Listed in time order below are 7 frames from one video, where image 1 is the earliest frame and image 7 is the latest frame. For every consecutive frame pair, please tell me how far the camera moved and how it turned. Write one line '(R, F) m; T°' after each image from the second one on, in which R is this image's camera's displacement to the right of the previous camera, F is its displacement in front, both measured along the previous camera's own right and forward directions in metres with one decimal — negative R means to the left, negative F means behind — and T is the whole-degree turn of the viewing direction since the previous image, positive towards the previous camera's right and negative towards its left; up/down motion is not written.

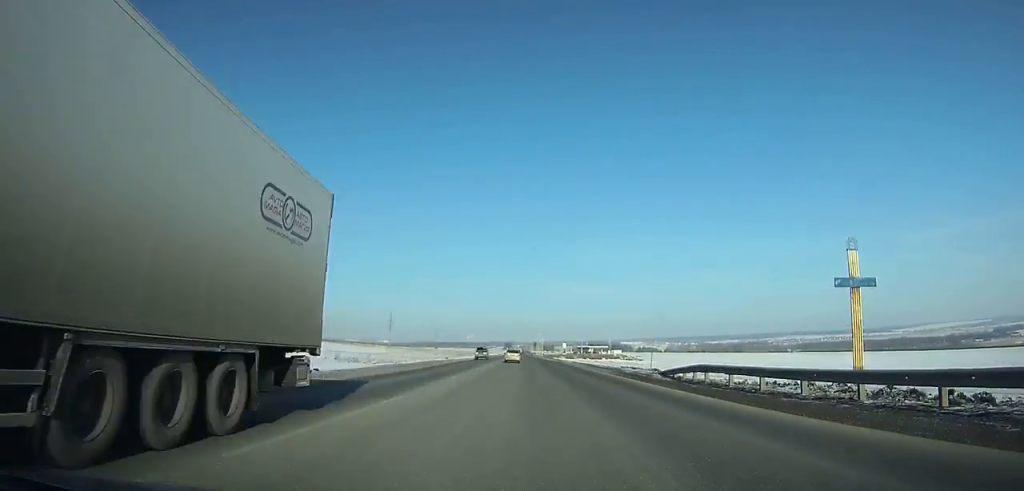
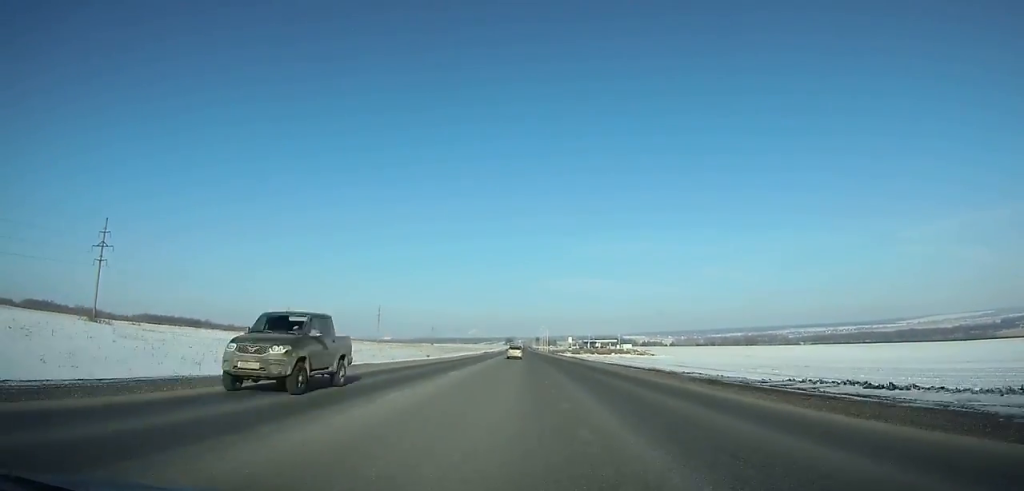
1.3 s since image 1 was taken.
(0.0, +36.1) m; 0°
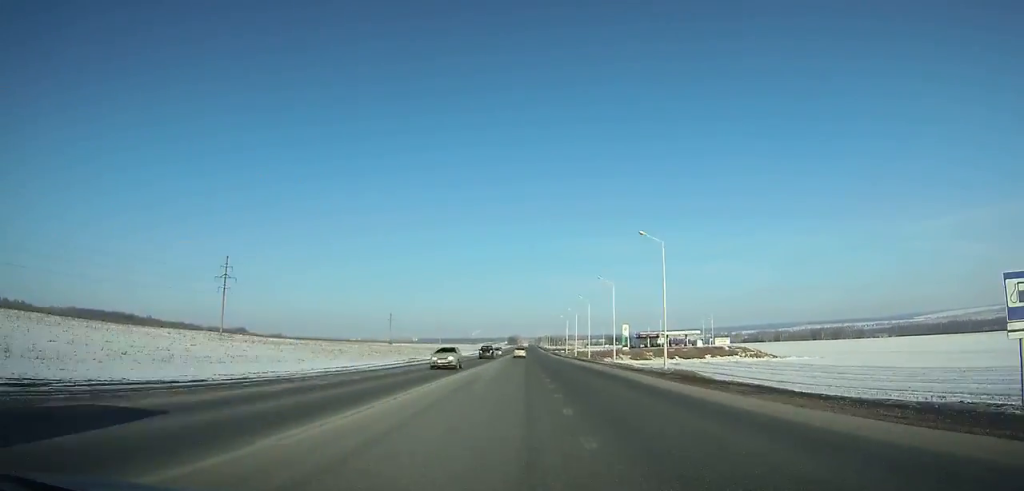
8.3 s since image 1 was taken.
(-0.6, +196.3) m; 0°
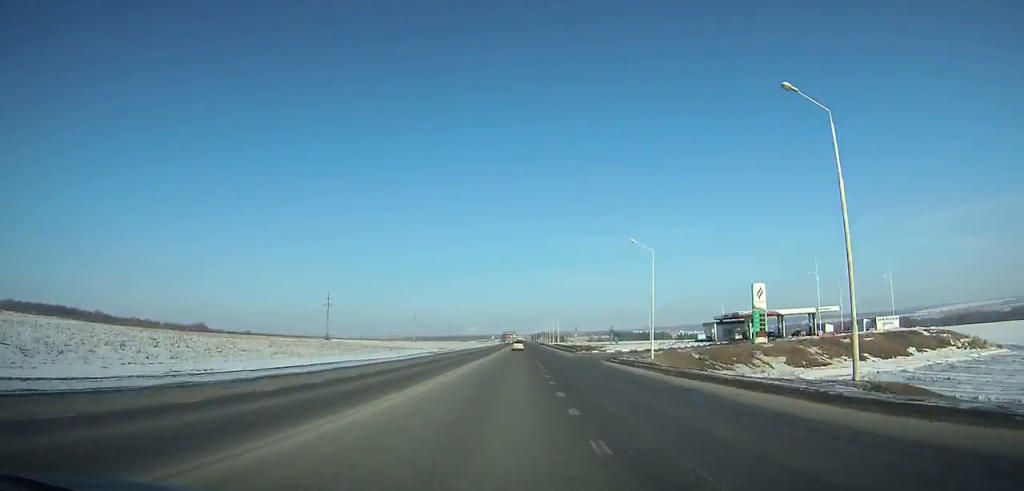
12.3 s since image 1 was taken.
(+0.1, +112.5) m; 0°
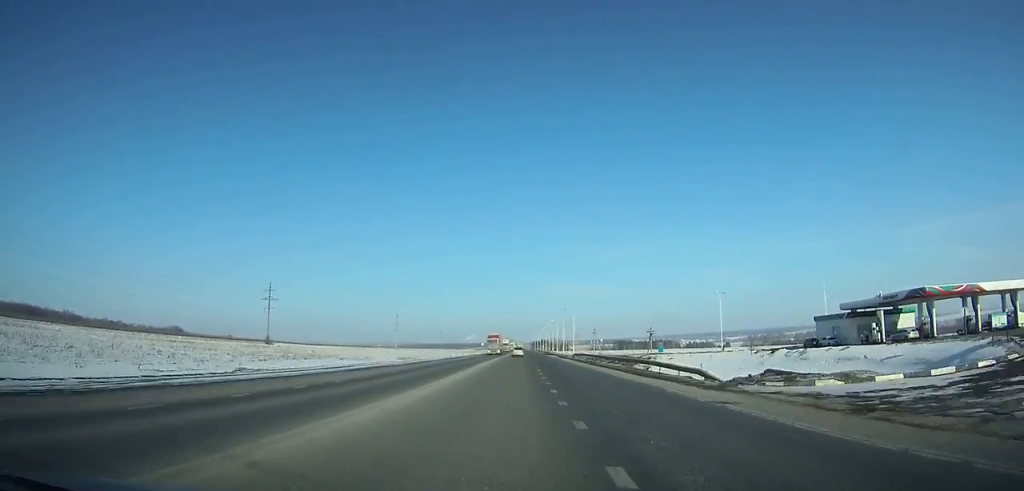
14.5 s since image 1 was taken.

→ ACTION ITEM: Beginning with the line that holds "12.3 s since image 1 was taken.", extract every line to the end of the material, exactly as it stands, and drop the pictures.

→ RESPONSE FOR THIS EXERCISE:
12.3 s since image 1 was taken.
(+0.1, +112.5) m; 0°
14.5 s since image 1 was taken.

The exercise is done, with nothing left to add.